The goal of this notebook is to code a decision tree classifier that can be used with the following API:

df = pd.read_csv("data.csv")

train_df, test_df = train_test_split(df, test_size=0.2)
tree = decision_tree_algorithm(train_df)
accuracy = calculate_accuracy(test_df, tree)
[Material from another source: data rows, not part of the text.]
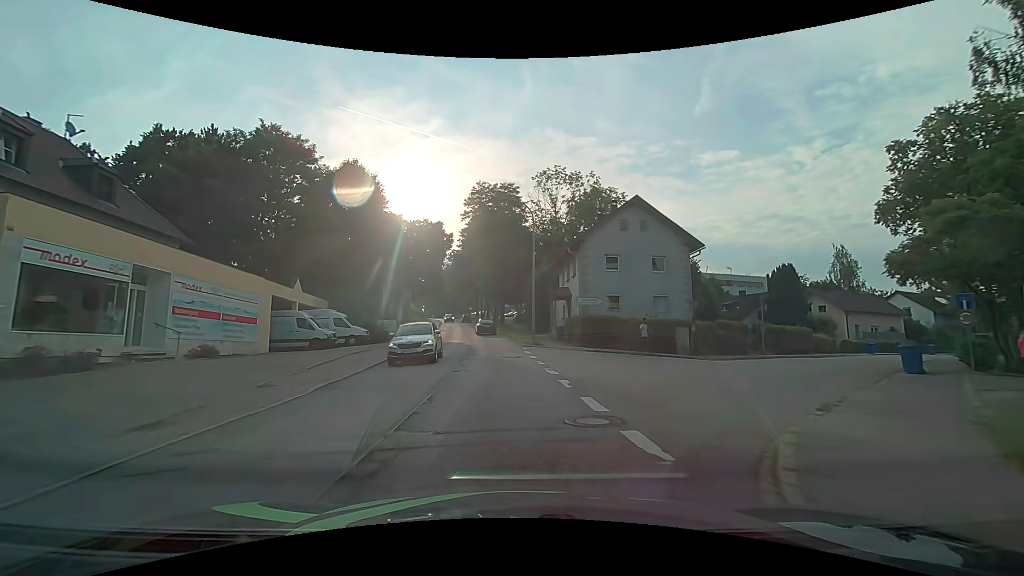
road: secondary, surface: asphalt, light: Day
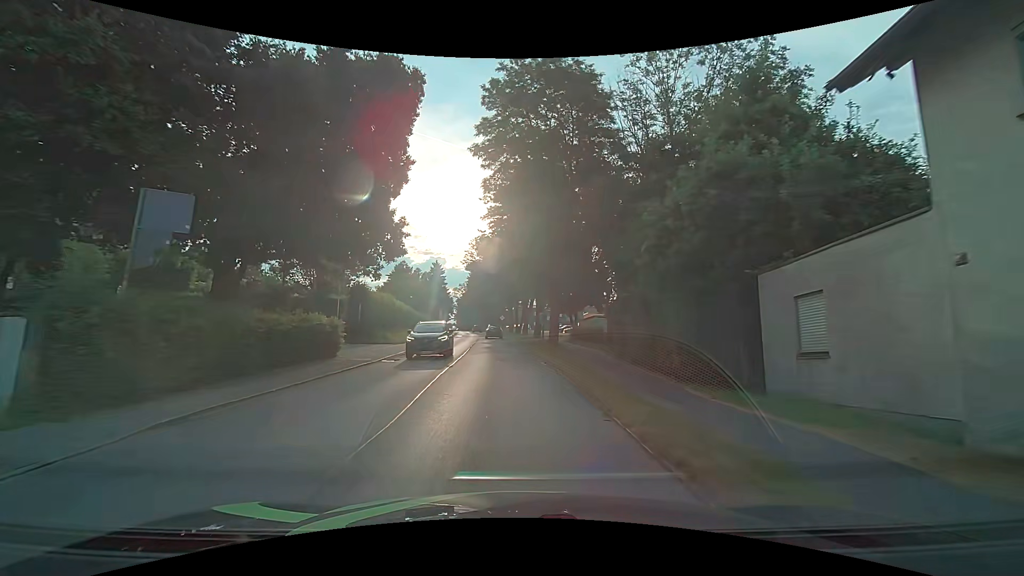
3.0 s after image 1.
(-1.6, +34.5) m; -4°
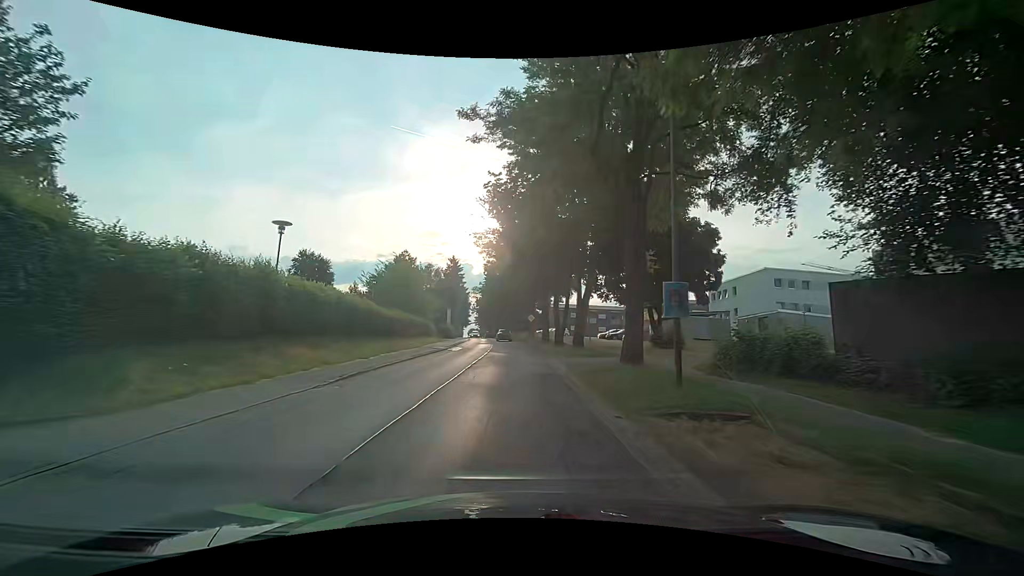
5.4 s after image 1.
(-1.0, +28.8) m; -3°
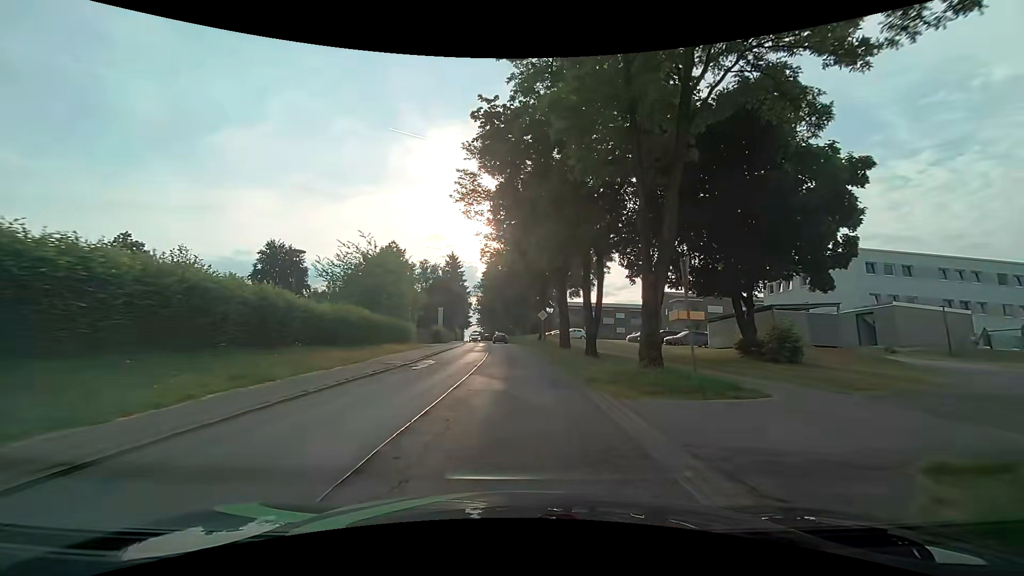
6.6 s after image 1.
(-0.2, +14.7) m; 0°
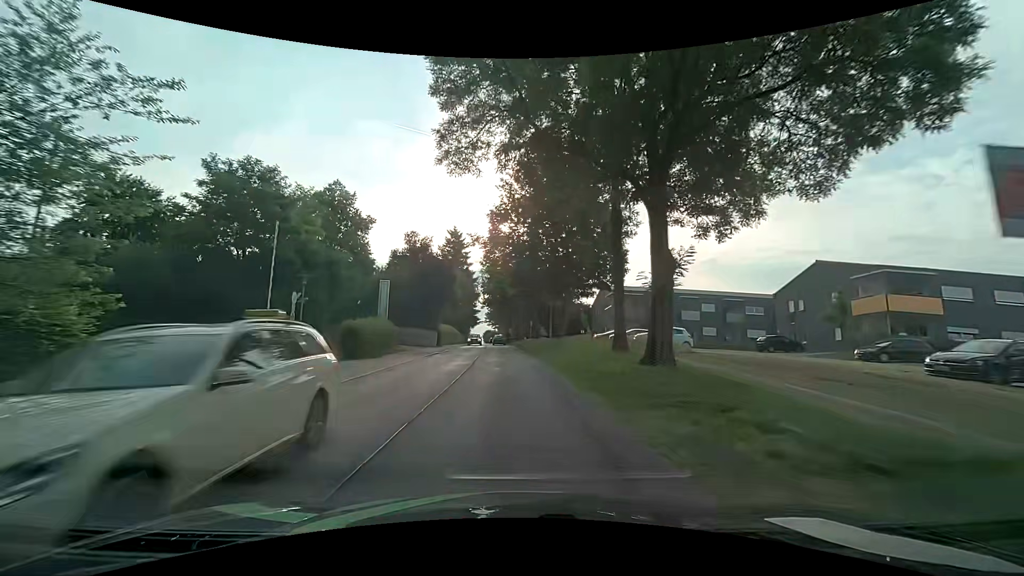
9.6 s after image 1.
(-1.0, +37.5) m; -2°
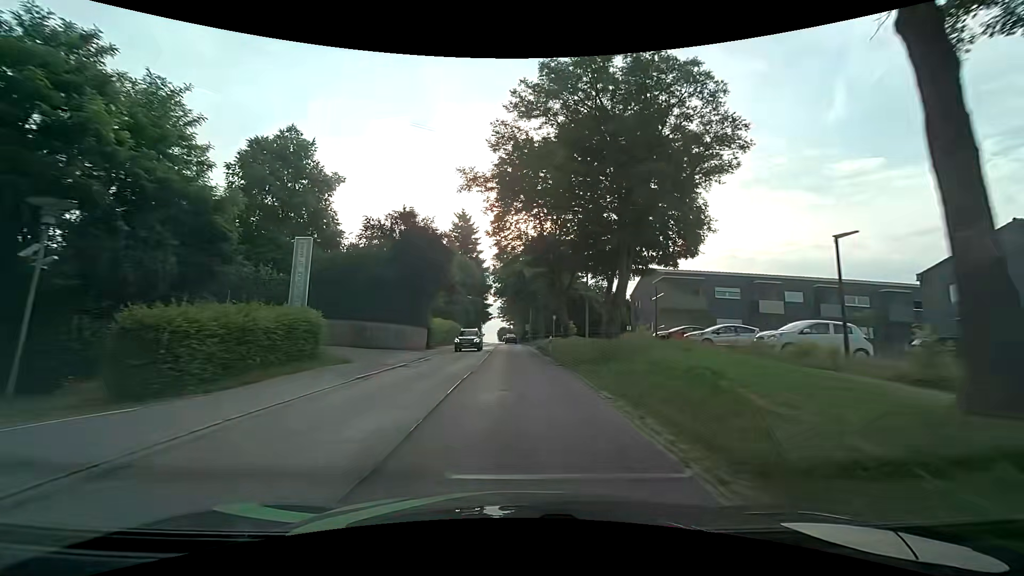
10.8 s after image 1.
(-0.5, +15.2) m; -2°
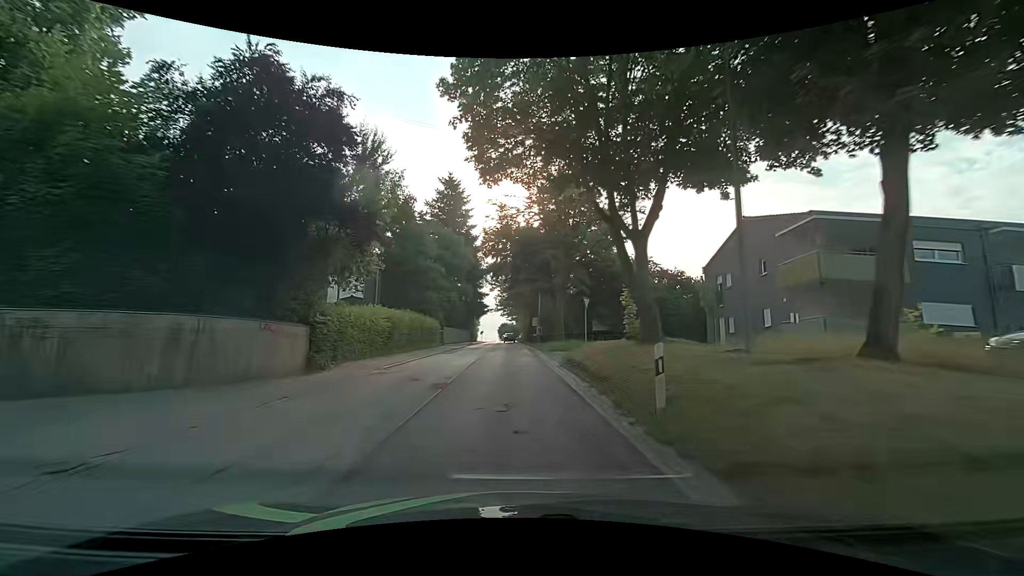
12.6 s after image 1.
(-0.3, +22.9) m; -2°
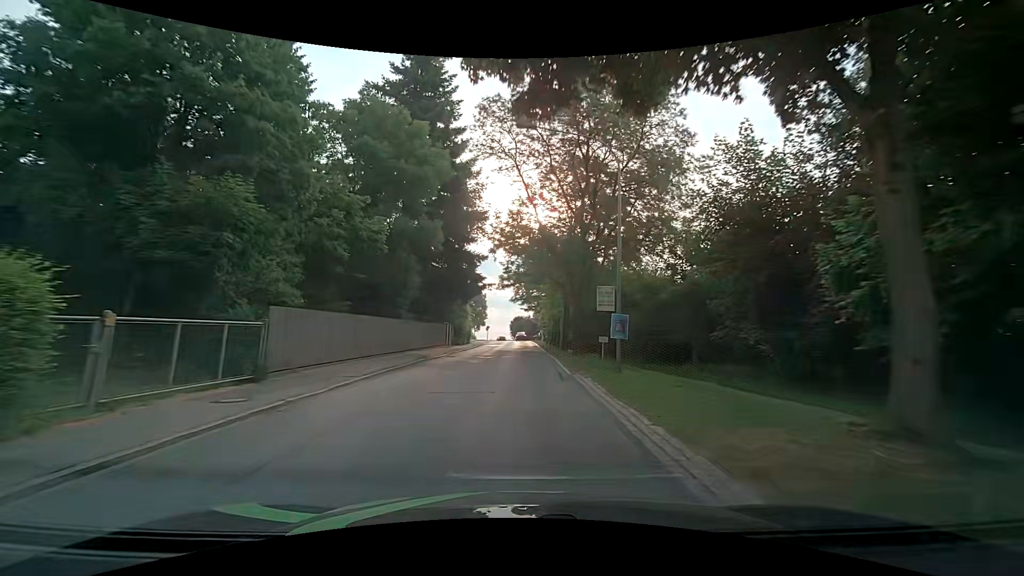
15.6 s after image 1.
(-0.4, +38.2) m; -2°
(0, +10) (0, +20) (0, +30) (+1, +40) (+1, +50) (+1, +60) (+1, +70) (+1, +80) (+1, +90) (+1, +100) m

The algorithm that is going to be implemented looks like this:

Import Statements

In [1]:
import numpy as np
import pandas as pd

import matplotlib.pyplot as plt
import seaborn as sns

import random
from pprint import pprint
In [2]:
%matplotlib inline
sns.set_style("darkgrid")

Load and Prepare Data

Format of the data

  • the last column of the data frame must contain the label and it must also be called "label"
  • there should be no missing values in the data frame
In [3]:
df = pd.read_csv("../data/Iris.csv")
df = df.drop("Id", axis=1)
df = df.rename(columns={"species": "label"})
In [4]:
df.head()
Out[4]:
sepal_length sepal_width petal_length petal_width label
0 5.1 3.5 1.4 0.2 Iris-setosa
1 4.9 3.0 1.4 0.2 Iris-setosa
2 4.7 3.2 1.3 0.2 Iris-setosa
3 4.6 3.1 1.5 0.2 Iris-setosa
4 5.0 3.6 1.4 0.2 Iris-setosa

Train-Test-Split

In [5]:
def train_test_split(df, test_size):
    
    if isinstance(test_size, float):
        test_size = round(test_size * len(df))

    indices = df.index.tolist()
    test_indices = random.sample(population=indices, k=test_size)

    test_df = df.loc[test_indices]
    train_df = df.drop(test_indices)
    
    return train_df, test_df
In [6]:
random.seed(0)
train_df, test_df = train_test_split(df, test_size=20)
In [ ]: